Действительно, когда Кочергин подошёл и тоже посмотрел за подмёрзшее стекло, ему сразу расхотелось куда-то бежать и кого-то ловить. Потому что за стенами усадьбы раскинулось водохранилище, теперь скованное зимним льдом. Далёкий горизонт и высокое бесконечное лазурное небо. Сидеть бы здесь у камина с какао и булочками, любоваться изумительными просторами да слушать ленивые разговоры творческой богемы, что гостит у Деда.
— Так чем могу вам помочь? — спросил Дед, потирая руки.
Услышав вопрос, Кочергин сразу сник. Как будто он взлетел к пушистым золочёным облачкам, а его поймали за ногу, дёрнули вниз и шнурками привязали к контейнеру со строительным мусором.
— Это вы сделали копию «Ранеток»? — прямо спросил Кочергин, устав изображать вежливость и светскость.
— Да, по фотографии, — как-то глухо отозвался Дед, глядя в сторону. — Чанга на смартфоне показала, я скопировал в масштабе.

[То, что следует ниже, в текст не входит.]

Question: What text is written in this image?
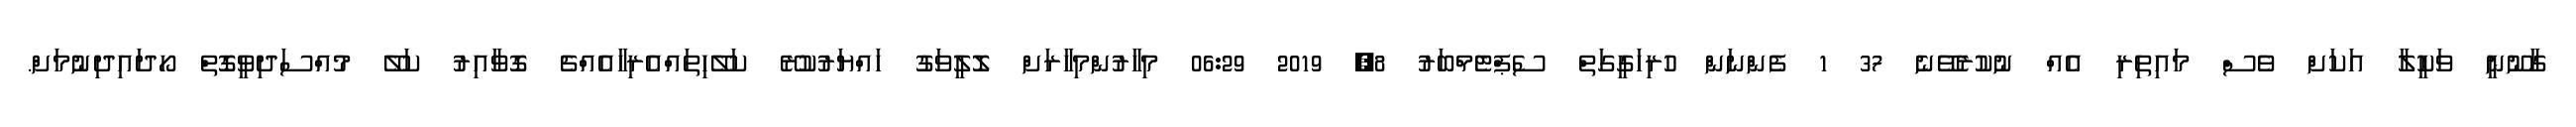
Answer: ގާނޫނީ ވަކީލާ އަކަށް ވެސް މައިތިރި އެއް ނުކުރެވޭނެ 37 1 ފެންނަން ހުރިހަގީގަތް ސެޕްޓެމްބަރު 8, 2019 06:29 މިހާރުންމިހާރަށް ލޮލީވަގު ހައްޔަރުކުރޭ ކަލޭހިތައްއެރިހާއެއްޗެ ގޮވާއިރު ކަލޭ މުއްސަދިވީގޮތް ހޯދައިދިނުމަށް.

— Так у тебя есть фотография этой картины? — слегка опешил Кочергин.
— Если честно, нет, — сквозь зубы процедила Чанга, бросая верхнюю одежду прямо на мягкое кресло. — Я её почти сразу удалила. От неё даже телефон стал хуже работать.
— Ясно. — Кочергин снова обратился к Деду: — И как впечатления?
Дед в ответ только звучно и протяжно покряхтел.
— Да он потом две недели не просыхал, — буркнула Чанга.
И тут у Кочергина мелькнула мыслишка. Ага, от природных красот и тишины, видимо, мысли прочистились, потому что странно, как он сразу-то не догадался спросить. Глядя прямо на Чангу, просил:
— Слушай-ка, а у тебя совершенно случайно в телефоне не завалялись фотографии ещё каких-нибудь картин Шварцстрема. Или, скажем, его писем? Книг, дневников?
— Неа, — глядя в глаза Кочергину, покачала головой Чанга. — Ну, там их, конечно, завались. Только попробуй прочитай. Да и кому они сплющились. А раз нельзя продать, то на кой фотографировать?
— А вот я не верю. — Кочергин подошёл ближе и уставился в лицо Чангы.
Та закатила глаза и картинно вздохнула:
— Ну ладно, ладно. Есть парочка. Только учтите, зрелище так себе.
Чанга достала смартфон, разблокировала экран, что-то полистала, потом продемонстрировала остальным. На первой фотографии был запечатлён желтоватый лист, на котором чернилами нарисовали огромный гриб, растущий из россыпи человеческих костей.
— Ничего не напоминает? — подняла брови Чанга.
— Атомный взрыв, — пробормотал Кочергин, рассматривая картинку. — Это когда же нарисовано?
— Там есть дата. — Чанга увеличила уголок листа, где показались красиво выведенные цифры — 1909.
— Ничего себе, — тихо произнёс Дриго.
Дед достал откуда-то плоскую фляжку, открутил крышку и сделал знатный глоток. Кочергин в душе понадеялся, что этот деятель искусства дотянет до их экскурсии в замок Шварцстрема, и его не придётся тащить волоком.
— Едем дальше, — проговорила Чанга, перелистывая картинки.
Человек во врачебном белом халате и маске чумного доктора стоит на груде истощённых тел и раскидывает над ними сеть.
— Карантин? — наморщил лоб Дриго. — Испанка? Ковид?
— Первый карантин по холере в России ввёл ещё Фёдор Ушаков, — сказал Дед и снова приложился к фляжке.
— Только он был адмирал, а не доктор, — задумчиво проговорил Дриго. — Давай дальше.